7 Profunda Artery Perforator Flap for Breast Reconstruction
Robert J. Allen, Maria M. LoTempio, and Constance M. Chen
Since its introduction by Allen1 in 1992, the deep inferior epigastric artery perforator flap has become the gold standard for breast reconstruction. However, the lower abdomen is not an option in 25% of women. Absolute contraindications include previous abdominoplasty, and relative contraindications include previous liposuction, certain abdominal operations, and a paucity of subcutaneous fat. The profunda artery perforator (PAP) flap described by Allen2,3 in 2010 is our first consideration if the abdomen is not a viable option. Other choices include the superior or inferior gluteal artery flaps3,4 the thigh gluteal artery perforator (GAP) flap, and the lateral thigh flap.
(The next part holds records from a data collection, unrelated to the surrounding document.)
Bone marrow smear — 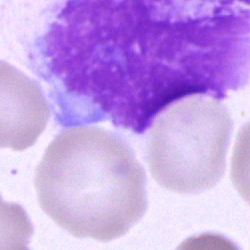
The cell shown is an artifact.
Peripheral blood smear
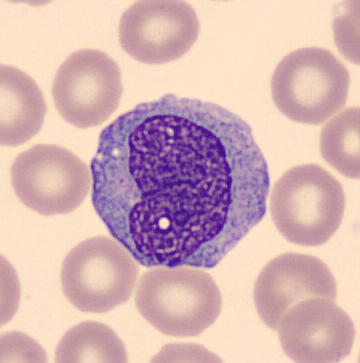

Specimen: peripheral blood smear.
Cell: monocyte.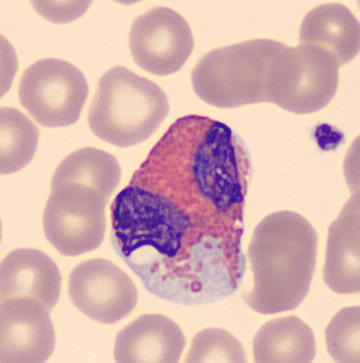

The cell is eosinophil.
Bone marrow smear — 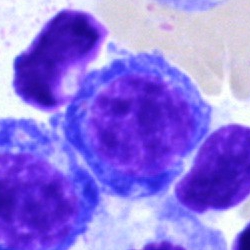 A nucleated red blood cell.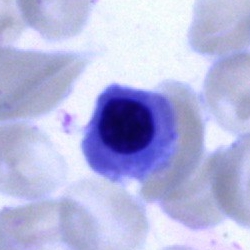Classification = normoblast.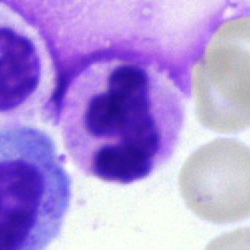 Bone marrow aspirate smear, single cell — polymorphonuclear neutrophil.
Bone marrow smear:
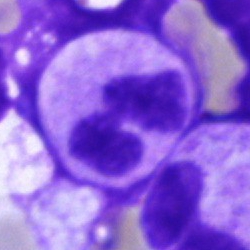

Single cell identified as a polymorphonuclear neutrophil.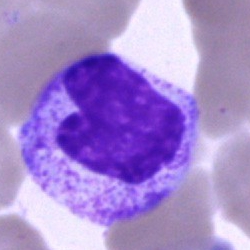

Classification — segmented neutrophil.
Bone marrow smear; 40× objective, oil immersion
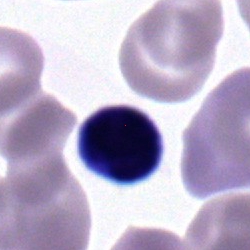 Morphological class — lymphocyte.
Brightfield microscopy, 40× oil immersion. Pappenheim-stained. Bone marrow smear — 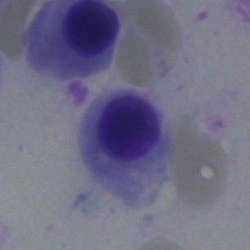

The blood supply to the muscles surrounding the profunda artery perforators, specifically the adductor, has been described by Angrigiani et al.5 The dominant blood supply to the posterior thigh is from the profunda artery perforators. The PAP flap has been used for breast reconstruction in over 200 cases over the past 4 years.
Indications
The ideal candidates for the PAP flap have breasts of small to moderate size, with excess body fat below the waist. A woman with a pear-shaped figure is a better candidate than one with an apple-shaped figure. Many of our patients have had previous abdominal surgery such as abdominoplasty, but a significant percentage of PAP patients have a paucity of abdominal fat, with more fat in the posterior thigh. Preoperative imaging with magnetic resonance angiography (MRA) or computed tomography angiography (CTA) is recommended on all patients to facilitate perforator mapping and dissection, and to reduce the operative time ( Fig. 7.1 ).
Vascular Anatomy
The profunda femoris artery arises from the common femoral artery ~3.5 cm distal to the inguinal ligament. Initially lateral to the femoral artery, it spirals posterior to the ligament to reach the medial side of the femur. The profunda femoris artery enters the posterior compartment of the thigh and gives off three main perforators. The first perforator is preferred as the pedicle to the PAP flap due to its more medial location and more ideal perfusion pattern.
Preoperative Planning
Preoperative markings are applied in the office the day prior to surgery. The patient starts in the standing position, and the inferior gluteal fold is marked for the superior extent of the incision. The second marking is 6 to 7 cm below this line, which is the lower extent of the skin flap. The lateral marking extends to the end of the infragluteal crease or slightly lateral to it. The patient is then moved to the supine position with the thigh in abduction, and the medial marking begins just posterior to the lymphatic-rich inguinal area posterior to the adductor longus muscle. The transverse crescent pattern is typically 26 cm x 7 cm. Then with the patient in the prone position, the key perforator6 is marked based on the preoperative imaging. The key perforator is usually 3 to 6 cm below the infragluteal crease and within 4 cm of the posterior border of the gracilis muscle. The handheld Doppler confirms the location of the perforator(s). Most patients have adequate perforators through the adductor magnus muscle for the PAP flap, but sometimes the best perforator may be inferior to the skin island. In this case a perforator off the descending branch of the inferior gluteal artery (thigh gluteal artery flap) or more lateral profunda femoris perforator may be used. Another option with an inferiorly located perforator is to lower the skin pattern in a “boomerang” fashion to capture the key perforator.